WHAT IS REQUIRED: Drop all pictures and repeat exactly the lines from the line holding "A: Unusually wide." through the end of the records.

Data records
____________

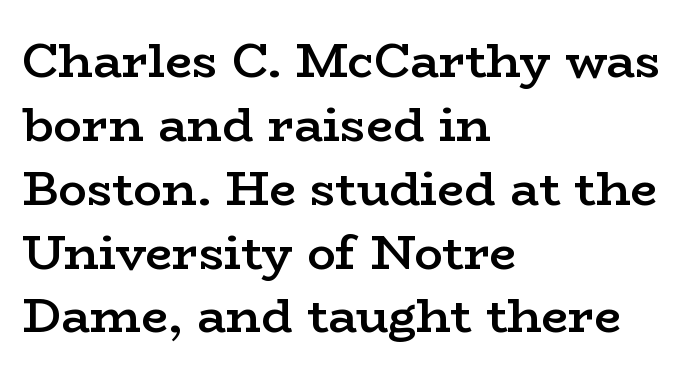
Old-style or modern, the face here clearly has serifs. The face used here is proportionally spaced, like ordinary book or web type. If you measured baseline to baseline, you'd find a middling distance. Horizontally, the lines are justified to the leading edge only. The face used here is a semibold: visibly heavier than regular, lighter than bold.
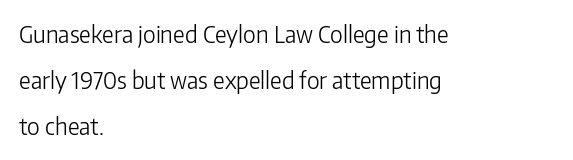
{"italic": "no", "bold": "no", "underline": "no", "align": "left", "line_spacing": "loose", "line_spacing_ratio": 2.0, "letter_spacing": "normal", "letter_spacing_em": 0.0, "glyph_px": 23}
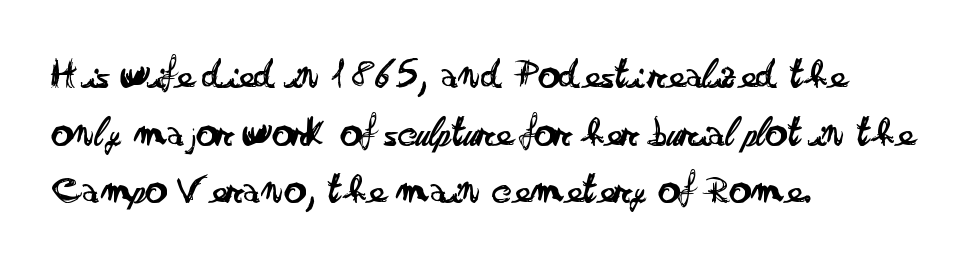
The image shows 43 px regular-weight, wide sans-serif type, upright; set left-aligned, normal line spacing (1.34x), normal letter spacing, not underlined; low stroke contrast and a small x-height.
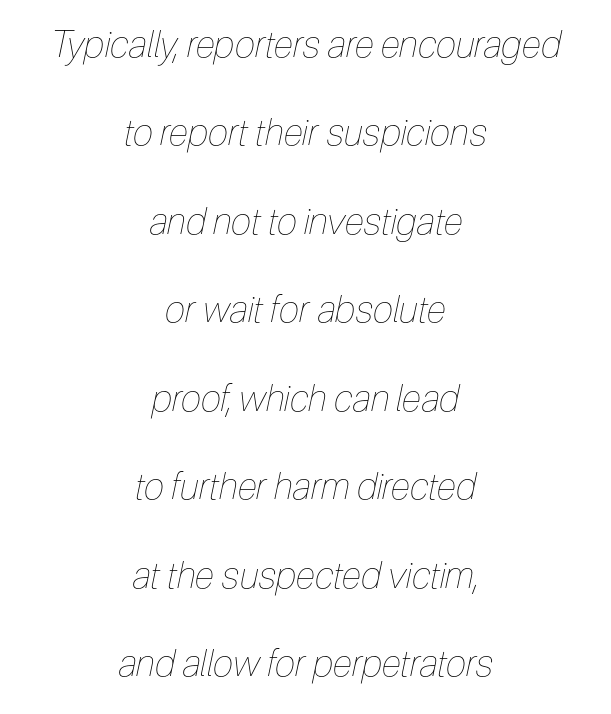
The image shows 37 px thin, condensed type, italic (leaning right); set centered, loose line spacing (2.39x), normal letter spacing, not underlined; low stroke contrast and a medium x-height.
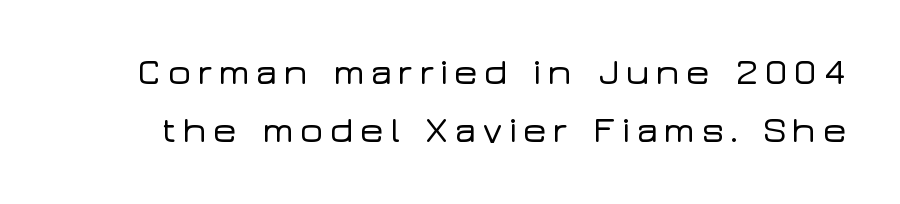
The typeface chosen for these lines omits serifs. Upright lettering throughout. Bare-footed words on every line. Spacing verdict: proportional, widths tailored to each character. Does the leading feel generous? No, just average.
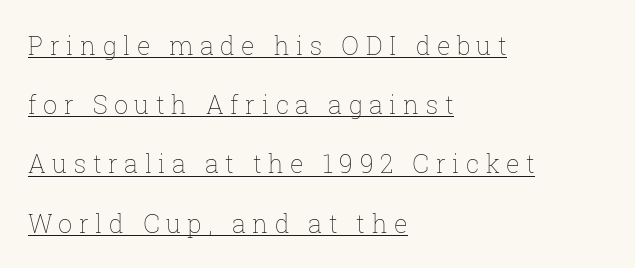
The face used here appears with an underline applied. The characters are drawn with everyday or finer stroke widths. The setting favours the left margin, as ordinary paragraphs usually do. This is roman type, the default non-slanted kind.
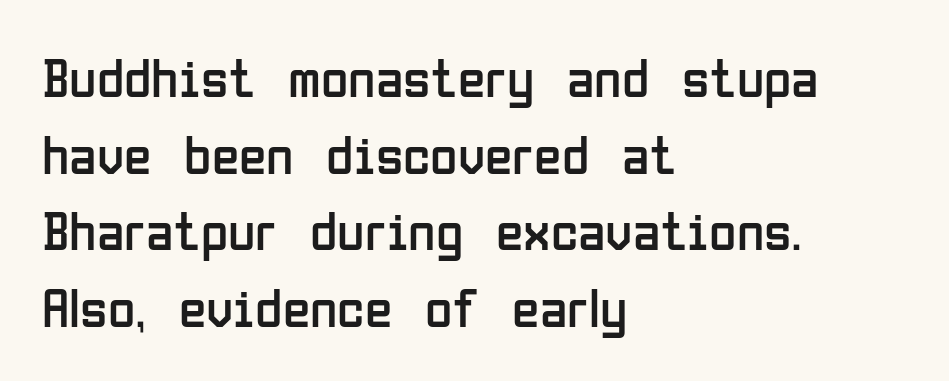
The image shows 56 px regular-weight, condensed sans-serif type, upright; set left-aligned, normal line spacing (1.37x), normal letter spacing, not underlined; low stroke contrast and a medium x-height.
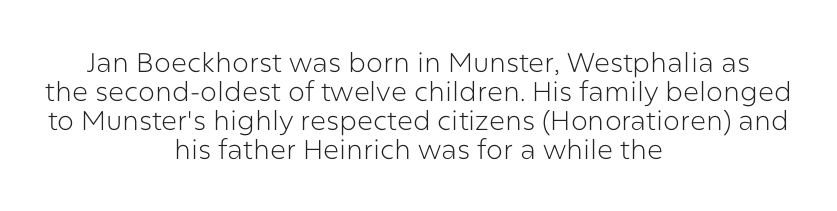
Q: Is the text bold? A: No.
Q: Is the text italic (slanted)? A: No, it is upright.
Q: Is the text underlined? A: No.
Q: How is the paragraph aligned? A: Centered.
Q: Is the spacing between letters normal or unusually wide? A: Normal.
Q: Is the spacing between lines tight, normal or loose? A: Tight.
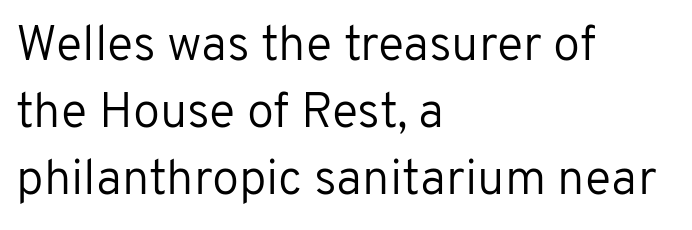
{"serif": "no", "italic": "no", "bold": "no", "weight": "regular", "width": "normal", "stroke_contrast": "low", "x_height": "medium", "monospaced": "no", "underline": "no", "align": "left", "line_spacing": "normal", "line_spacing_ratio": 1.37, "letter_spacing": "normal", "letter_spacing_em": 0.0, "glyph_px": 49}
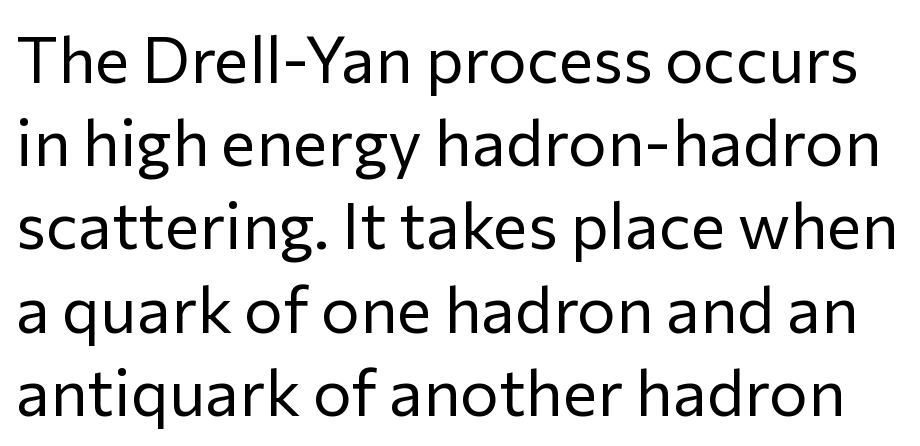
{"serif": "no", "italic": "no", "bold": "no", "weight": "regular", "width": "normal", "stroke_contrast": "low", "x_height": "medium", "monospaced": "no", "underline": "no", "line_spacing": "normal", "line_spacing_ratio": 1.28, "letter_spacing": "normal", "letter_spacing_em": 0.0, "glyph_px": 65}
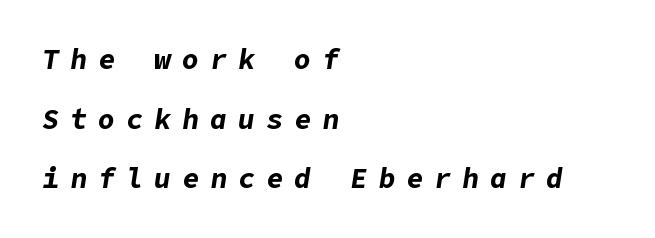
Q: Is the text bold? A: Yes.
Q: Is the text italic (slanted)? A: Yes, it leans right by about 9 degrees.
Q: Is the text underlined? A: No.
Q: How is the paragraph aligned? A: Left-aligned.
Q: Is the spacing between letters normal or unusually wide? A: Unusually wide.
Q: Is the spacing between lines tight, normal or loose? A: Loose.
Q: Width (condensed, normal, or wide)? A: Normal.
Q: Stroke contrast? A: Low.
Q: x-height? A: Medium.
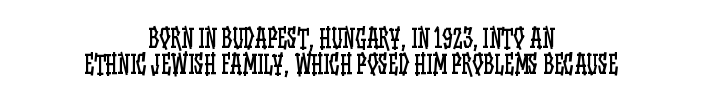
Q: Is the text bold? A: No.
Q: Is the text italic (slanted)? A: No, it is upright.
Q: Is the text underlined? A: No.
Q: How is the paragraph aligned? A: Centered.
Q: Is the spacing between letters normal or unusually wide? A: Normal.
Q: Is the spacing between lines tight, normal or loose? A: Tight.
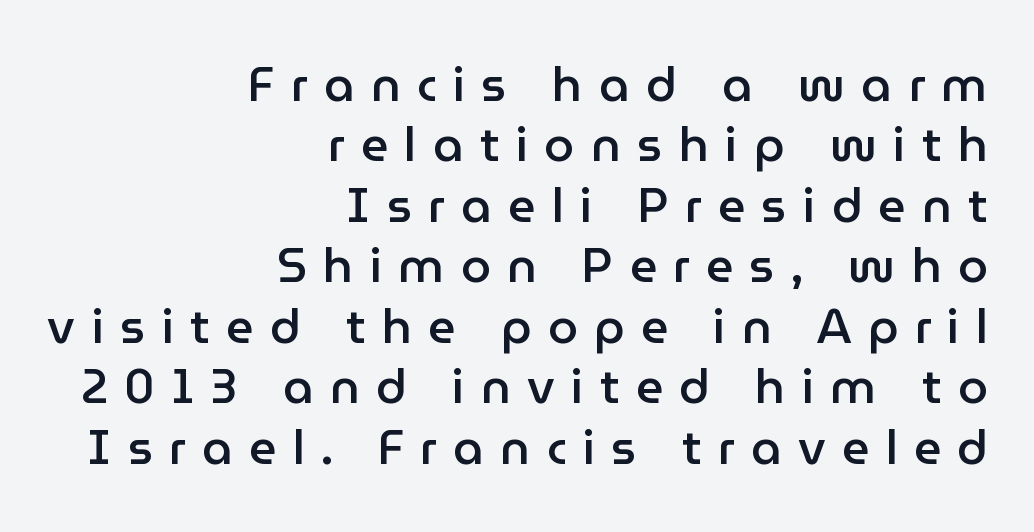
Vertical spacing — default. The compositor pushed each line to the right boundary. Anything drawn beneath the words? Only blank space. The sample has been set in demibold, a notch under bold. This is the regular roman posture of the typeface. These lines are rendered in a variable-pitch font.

____________

RESULT:
Q: Is the spacing between letters normal or unusually wide? A: Unusually wide.
Q: Is the spacing between lines tight, normal or loose? A: Loose.
Q: Width (condensed, normal, or wide)? A: Normal.
Q: Stroke contrast? A: Low.
Q: x-height? A: Medium.
Q: Is the text bold? A: No.
Q: Is the text italic (slanted)? A: No, it is upright.
Q: Is the text underlined? A: No.
Q: How is the paragraph aligned? A: Centered.
Q: Is the spacing between letters normal or unusually wide? A: Normal.
Q: Is the spacing between lines tight, normal or loose? A: Tight.
Vertical spacing — default. The compositor pushed each line to the right boundary. Anything drawn beneath the words? Only blank space. The sample has been set in demibold, a notch under bold. This is the regular roman posture of the typeface. These lines are rendered in a variable-pitch font.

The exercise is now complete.